Saved data entries:
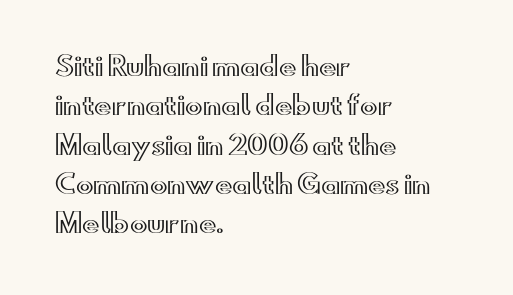
Q: Is the text italic (slanted)? A: No, it is upright.
Q: Is the text underlined? A: No.
Q: How is the paragraph aligned? A: Left-aligned.
Q: Is the spacing between letters normal or unusually wide? A: Normal.
Q: Is the spacing between lines tight, normal or loose? A: Normal.
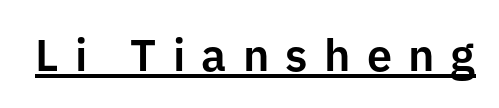
Descenders here cross a horizontal rule under the line. Do the characters align in a grid? No, the font is proportional. Characters follow at a spacing far wider than the type designer built in. The designer went with a sans here, leaving each stem footless. Every character sits straight up, as roman type does.
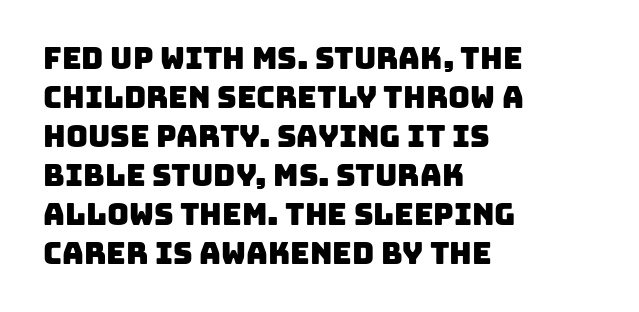
The image shows 30 px sans-serif type; set left-aligned, normal line spacing (1.3x), normal letter spacing, not underlined; low stroke contrast and a large x-height.
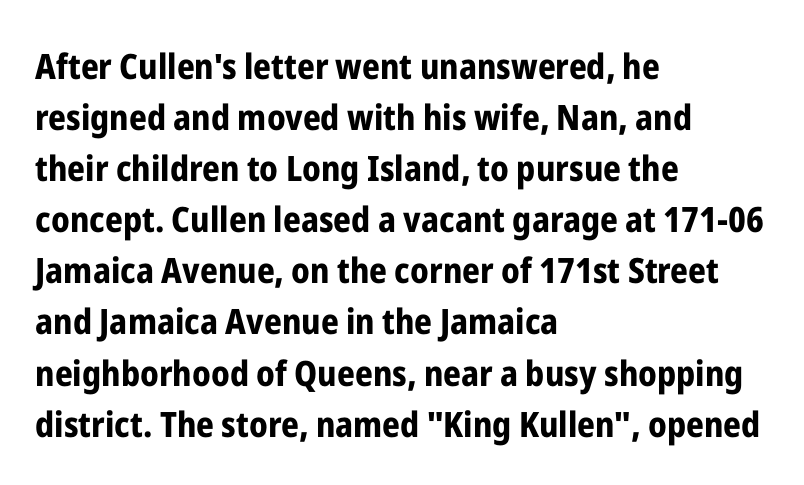
Q: Is the text bold? A: Yes.
Q: Is the text italic (slanted)? A: No, it is upright.
Q: Is the typeface a serif or a sans-serif typeface? A: Sans-serif.
Q: Is the text underlined? A: No.
Q: How is the paragraph aligned? A: Left-aligned.
Q: Is the spacing between letters normal or unusually wide? A: Normal.
Q: Is the spacing between lines tight, normal or loose? A: Normal.
Q: Width (condensed, normal, or wide)? A: Condensed.
Q: Stroke contrast? A: Low.
Q: x-height? A: Medium.
Q: Monospaced? A: No.
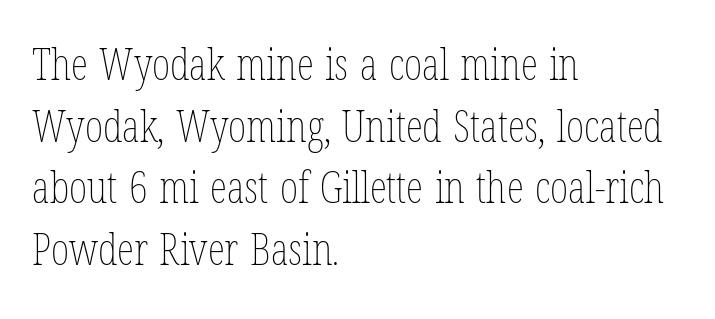
Q: Is the text bold? A: No.
Q: Is the text italic (slanted)? A: No, it is upright.
Q: Is the text underlined? A: No.
Q: How is the paragraph aligned? A: Left-aligned.
Q: Is the spacing between letters normal or unusually wide? A: Normal.
Q: Is the spacing between lines tight, normal or loose? A: Normal.
Q: Width (condensed, normal, or wide)? A: Condensed.
Q: Stroke contrast? A: Low.
Q: x-height? A: Medium.
Q: Monospaced? A: No.
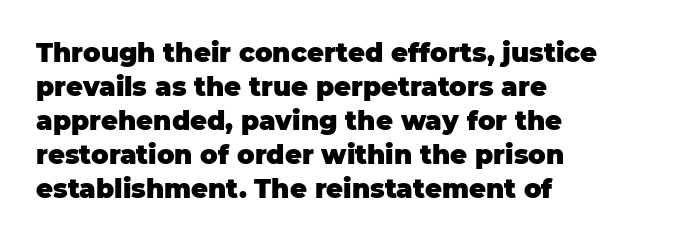
Typeset ragged right — the left edge is the straight one. Words float on clear page, feet unadorned. Vertically, the passage feels balanced, rows spaced as you'd expect. This sample uses plain, unmodified letter spacing. Summary of weight: heavy, a full bold. Characters remain perfectly vertical along every line.
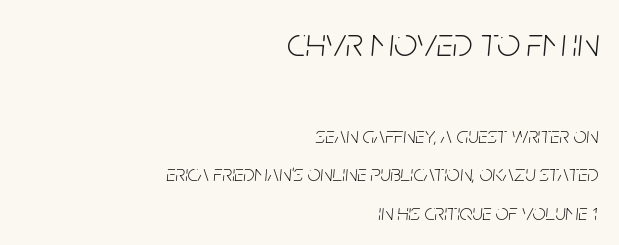
The image shows 41 px light, condensed type, italic (leaning right); set right-aligned, normal line spacing (1.68x), normal letter spacing, not underlined; the first (top) block is 1.78x larger; low stroke contrast and a large x-height.
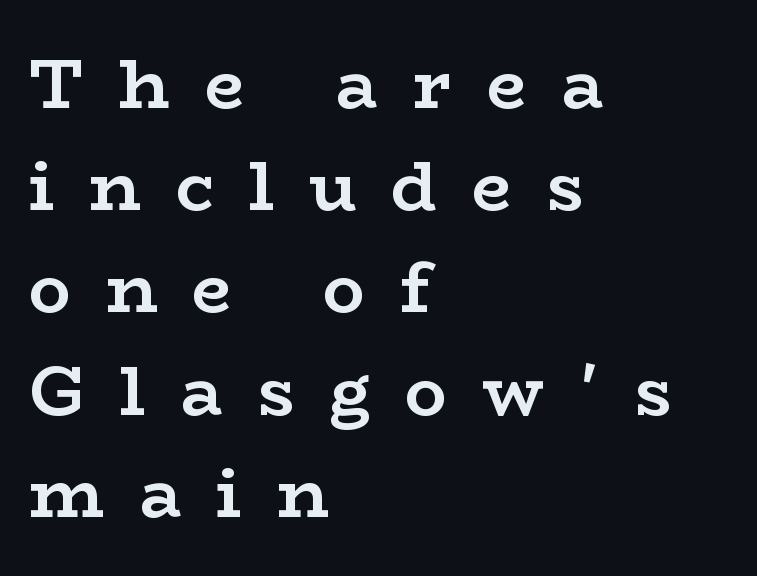
Leading: standard. Caption: expanded tracking, letters set apart. Quick note: underline off. This is serif lettering, the kind often seen in printed books. Stroke thickness is high; the sample reads as a true bold.
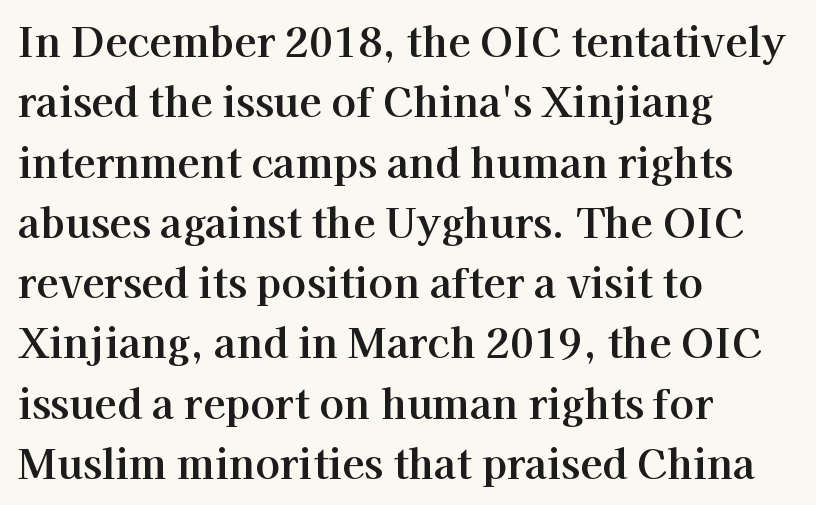
The image shows 41 px serif type, upright; set left-aligned, normal line spacing (1.47x), normal letter spacing, not underlined; high stroke contrast and a medium x-height.
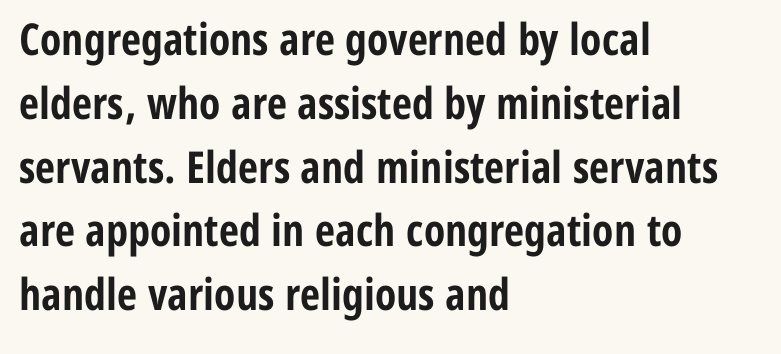
The passage shown is typed in a proportional face where columns would drift. The paragraph shown leans on its left margin. This is the regular roman posture of the typeface. The block of text has a typical density, with ordinary space between rows. The tracking reads as untouched default to a designer's eye.
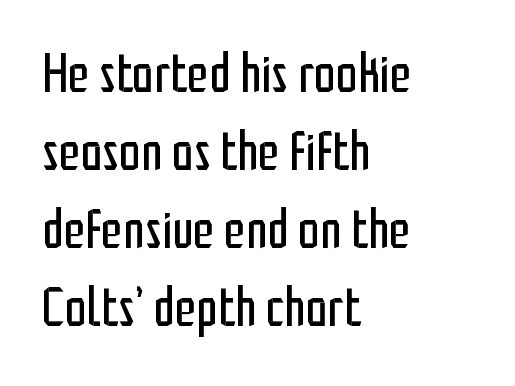
{"serif": "no", "italic": "no", "bold": "no", "weight": "regular", "width": "condensed", "stroke_contrast": "low", "x_height": "medium", "monospaced": "no", "underline": "no", "align": "left", "line_spacing": "normal", "line_spacing_ratio": 1.42, "letter_spacing": "normal", "letter_spacing_em": 0.0, "glyph_px": 55}
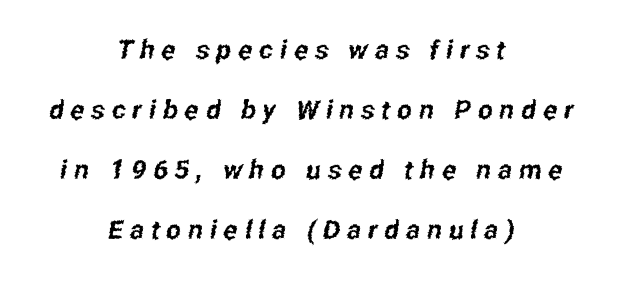
The image shows 26 px text type; set centered, loose line spacing (2.31x), unusually wide letter spacing (+0.27 em), not underlined.
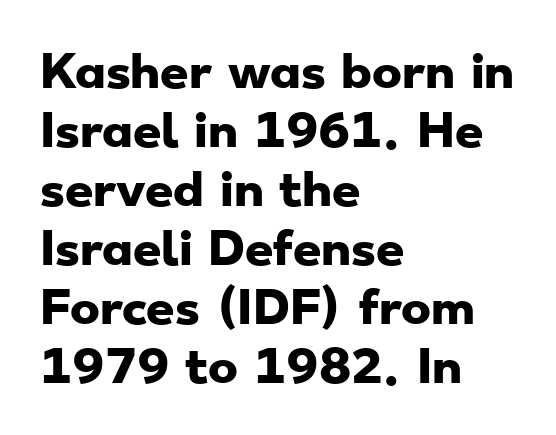
The image shows 45 px heavy, wide sans-serif type; set left-aligned, normal line spacing (1.31x), normal letter spacing, not underlined; low stroke contrast and a small x-height.
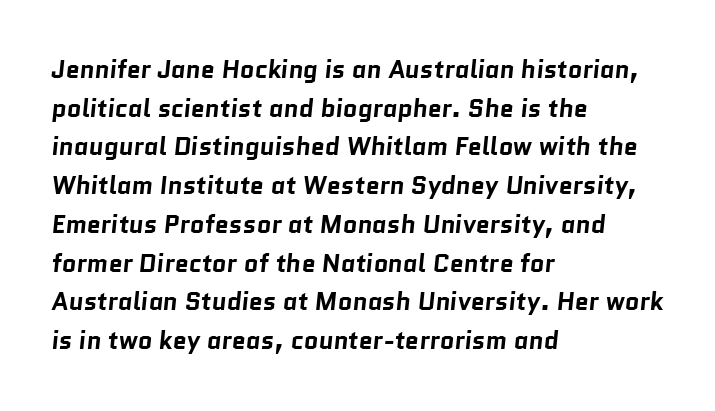
Q: Is the text bold? A: Yes.
Q: Is the text underlined? A: No.
Q: How is the paragraph aligned? A: Left-aligned.
Q: Is the spacing between letters normal or unusually wide? A: Normal.
Q: Is the spacing between lines tight, normal or loose? A: Normal.
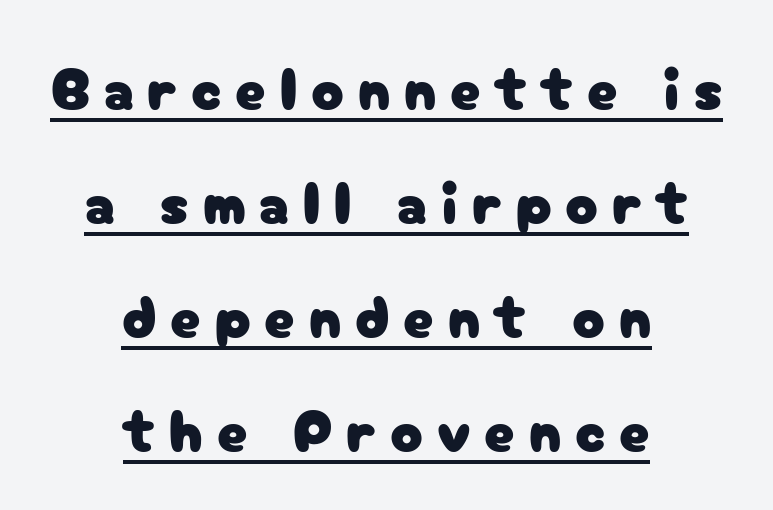
The image shows 60 px sans-serif type, upright; set centered, loose line spacing (1.9x), unusually wide letter spacing (+0.23 em), underlined; low stroke contrast and a medium x-height.

» AIM OF THE TASK
Show all lines in the records above that hold "centered".

» ANSWER TO THIS PROBLEM
The image shows 26 px text type; set centered, loose line spacing (2.31x), unusually wide letter spacing (+0.27 em), not underlined.
The image shows 60 px sans-serif type, upright; set centered, loose line spacing (1.9x), unusually wide letter spacing (+0.23 em), underlined; low stroke contrast and a medium x-height.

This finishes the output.